Determination of in vivo dissociation constant, KD, of Cdc42-effector complexes in live mammalian cells using single wavelength fluorescence cross-correlation spectroscopy.

The RhoGTPase Cdc42 coordinates cell morphogenesis, cell cycle, and cell polarity decisions downstream of membrane-bound receptors through distinct effector pathways. Cdc42-effector protein interactions represent important elements of cell signaling pathways that regulate cell biology in systems as diverse as yeast and humans. To derive mechanistic insights into cell signaling pathways, it is vital that we generate quantitative data from in vivo systems. We need to be able to measure parameters such as protein concentrations, rates of diffusion, and dissociation constants (K(D)) of protein-protein interactions in vivo. Here we show how single wavelength fluorescence cross-correlation spectroscopy in combination with Förster resonance energy transfer analysis can be used to determine K(D) of Cdc42-effector interactions in live mammalian cells.
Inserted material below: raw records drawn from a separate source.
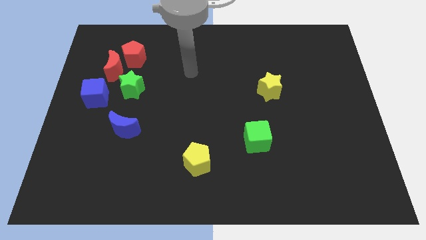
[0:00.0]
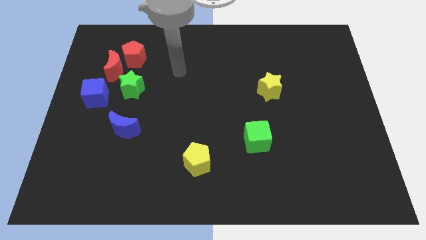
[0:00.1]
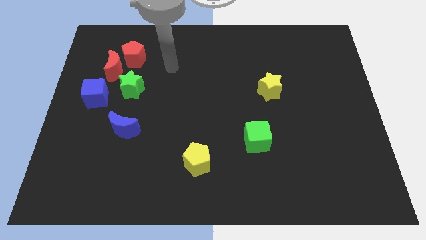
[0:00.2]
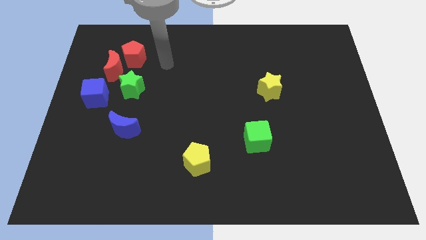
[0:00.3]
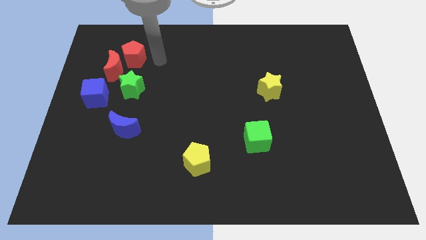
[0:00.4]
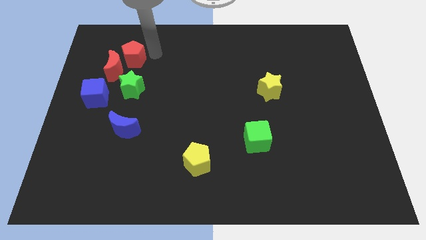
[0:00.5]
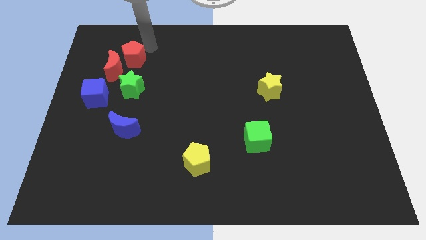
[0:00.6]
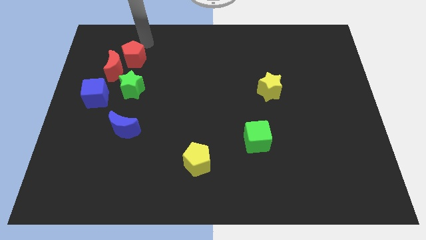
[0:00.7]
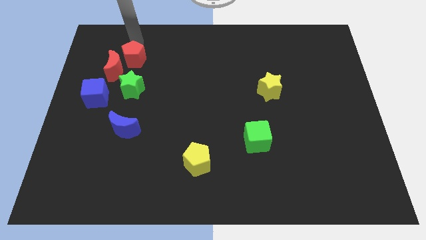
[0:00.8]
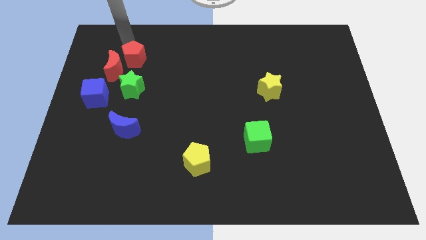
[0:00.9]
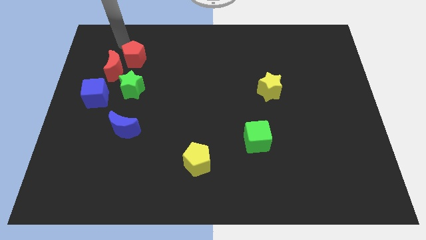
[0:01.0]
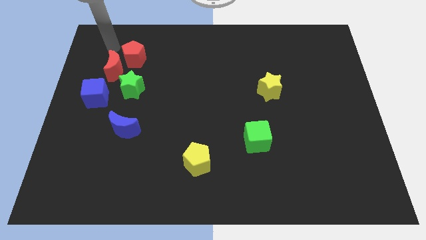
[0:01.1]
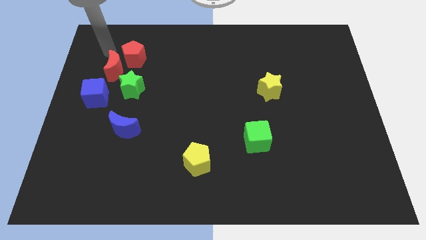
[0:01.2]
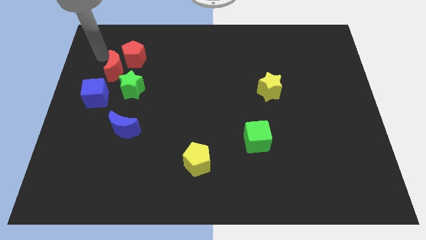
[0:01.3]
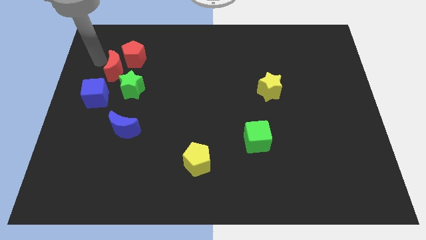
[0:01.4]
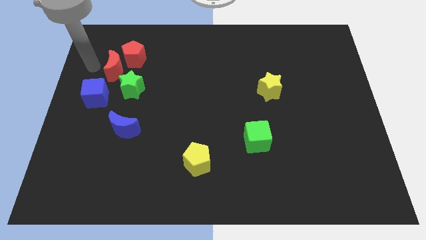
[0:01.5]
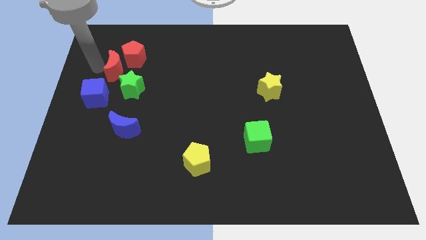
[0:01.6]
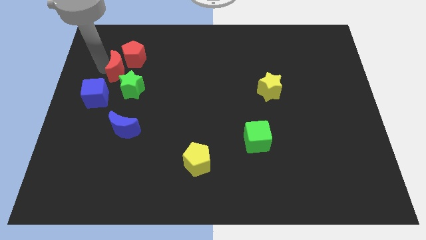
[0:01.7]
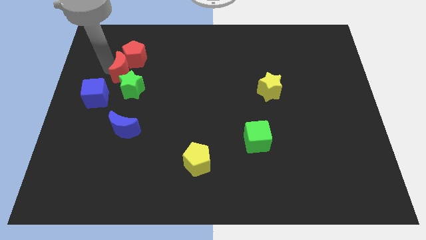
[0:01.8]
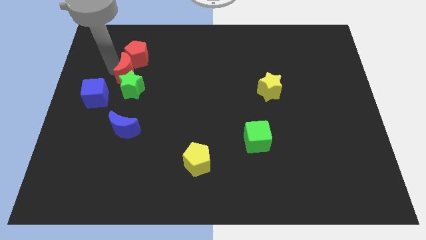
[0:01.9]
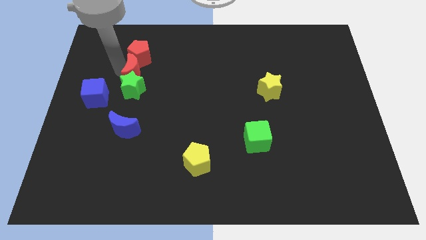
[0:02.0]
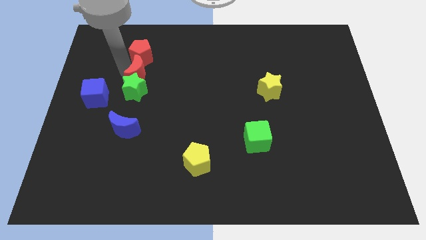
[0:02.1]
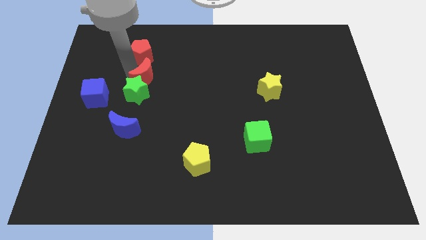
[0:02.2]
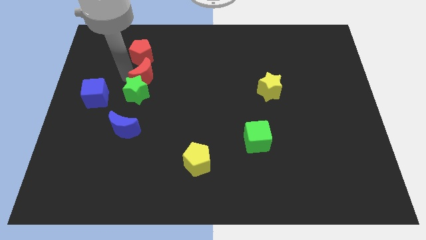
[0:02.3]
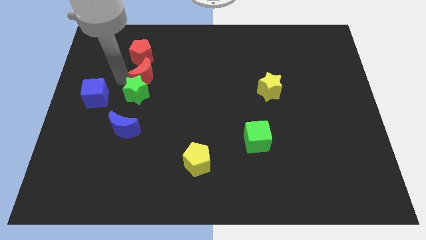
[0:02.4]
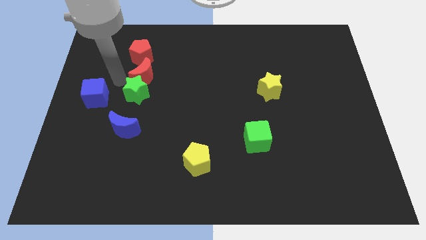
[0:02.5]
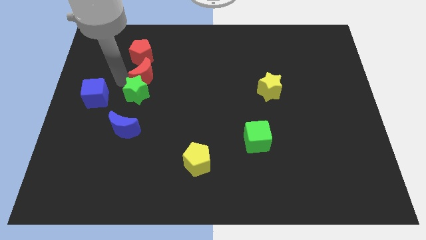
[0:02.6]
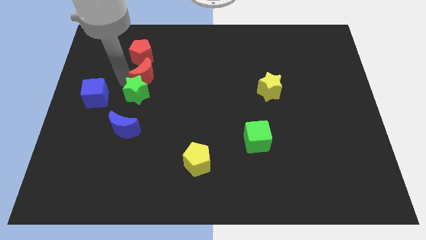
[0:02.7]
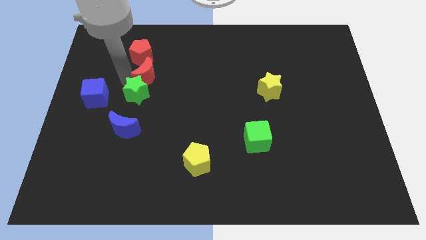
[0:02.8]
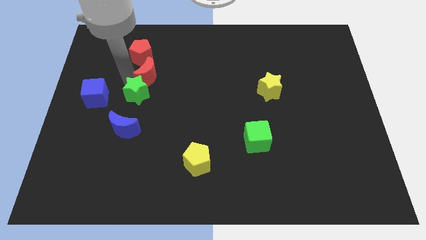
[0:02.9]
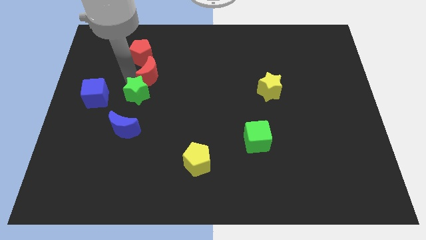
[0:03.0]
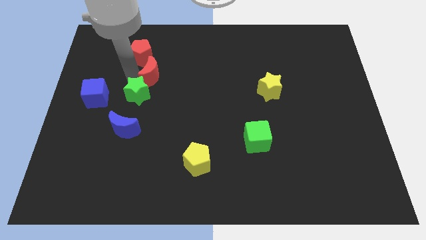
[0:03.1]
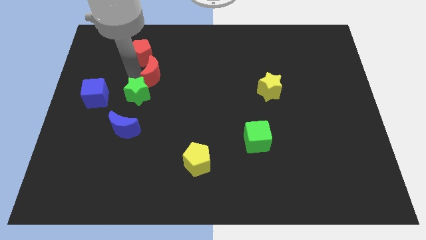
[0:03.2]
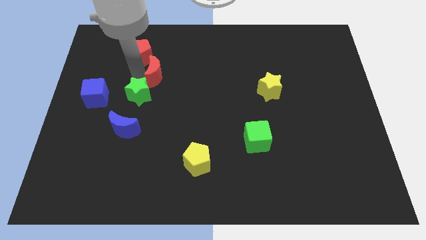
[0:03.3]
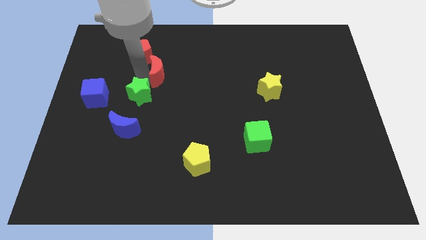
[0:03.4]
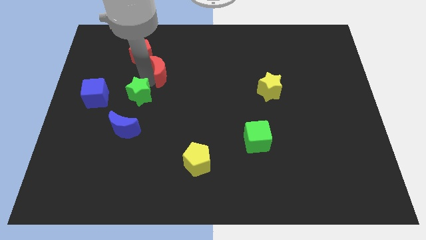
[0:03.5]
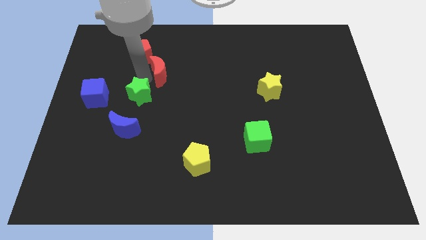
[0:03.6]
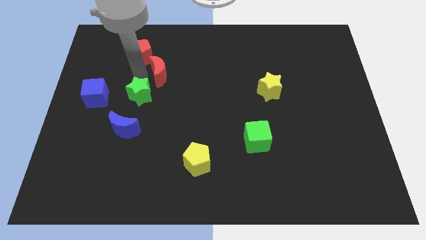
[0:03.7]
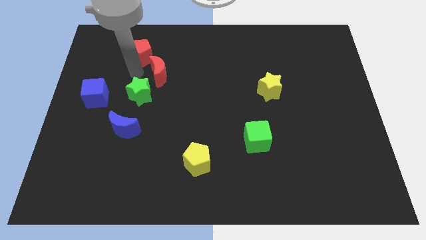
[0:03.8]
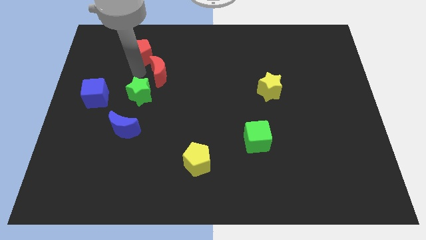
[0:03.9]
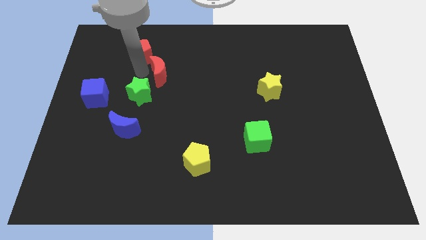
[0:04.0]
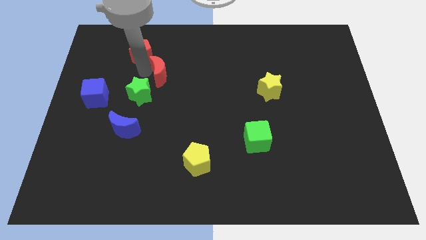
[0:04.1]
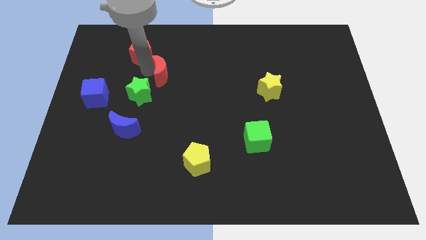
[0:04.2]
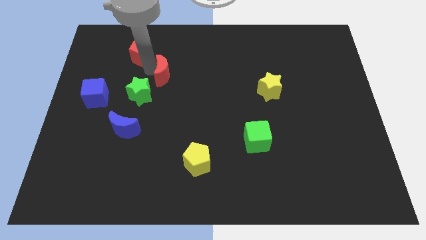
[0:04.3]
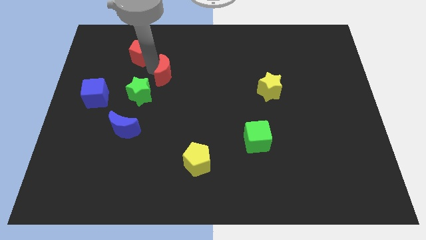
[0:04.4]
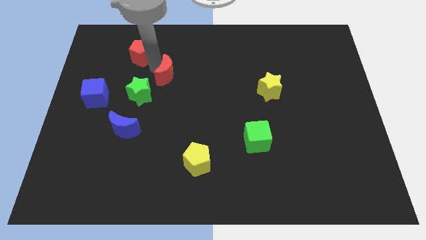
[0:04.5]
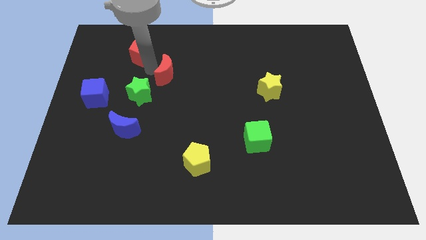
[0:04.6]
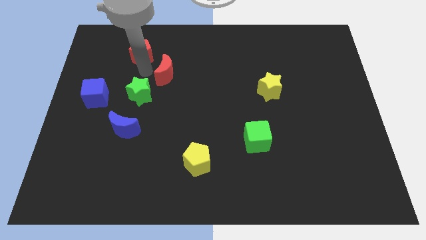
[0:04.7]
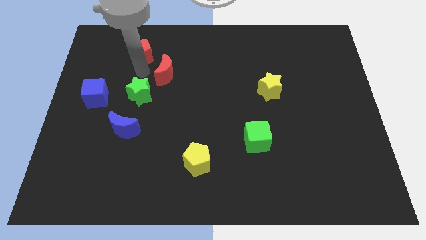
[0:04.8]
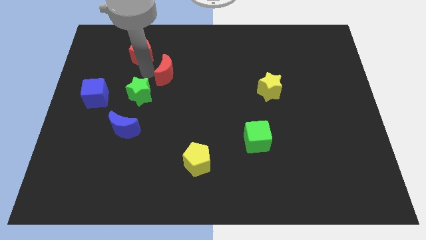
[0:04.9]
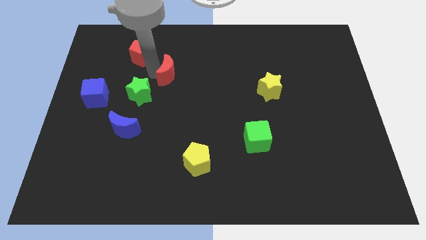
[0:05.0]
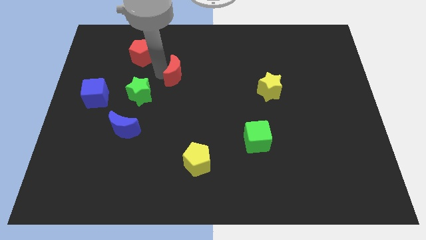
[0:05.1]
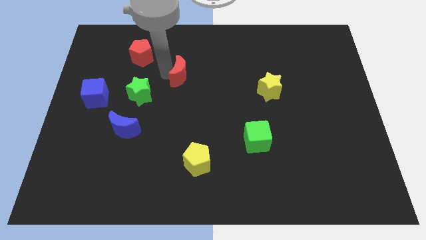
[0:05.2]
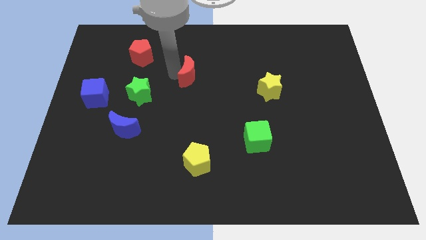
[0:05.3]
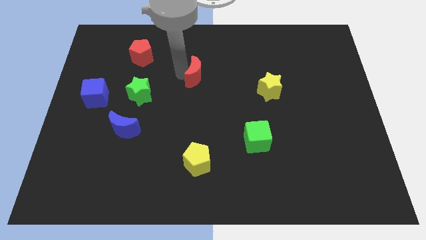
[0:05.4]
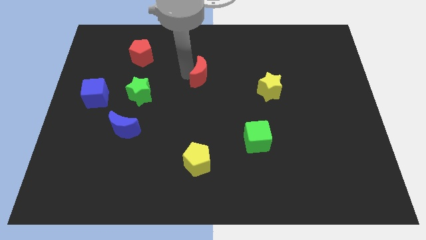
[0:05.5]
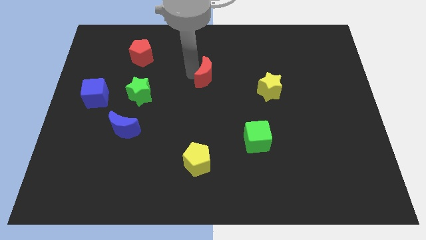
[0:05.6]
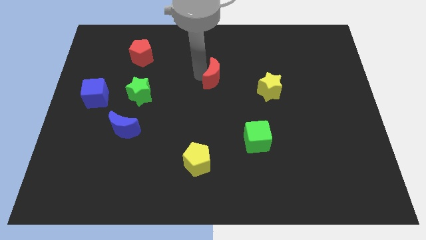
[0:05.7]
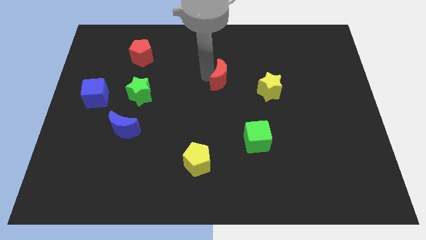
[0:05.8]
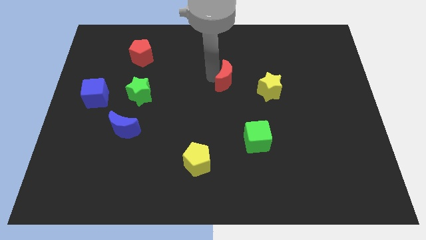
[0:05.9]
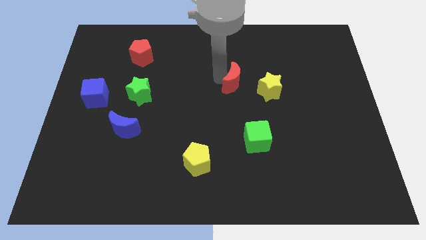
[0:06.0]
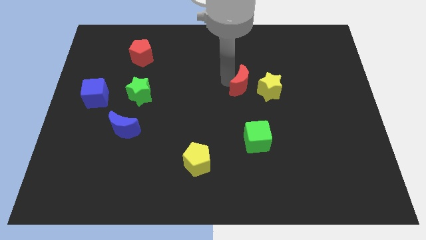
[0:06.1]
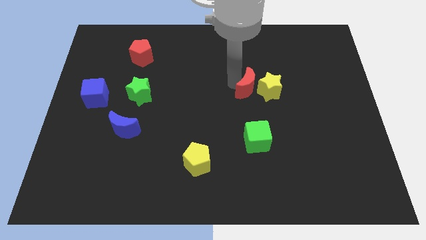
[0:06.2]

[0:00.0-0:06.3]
move the red moon next to the yellow star

Constructs encoding green fluorescent protein or monomeric red fluorescent protein fusion proteins of Cdc42, an effector domain (CRIB), and two effectors, neural Wiskott-Aldrich syndrome protein (N-WASP) and insulin receptor substrate protein (IRSp53), were expressed as pairs in Chinese hamster ovary cells, and concentrations of free protein as well as complexed protein were determined. The measured K(D) for Cdc42V12-N-WASP, Cdc42V12-CRIB, and Cdc42V12-IRSp53 was 27, 250, and 391 nm, respectively. The determination of K(D) for Cdc42-effector interactions opens the way to describe cell signaling pathways quantitatively in vivo in mammalian cells.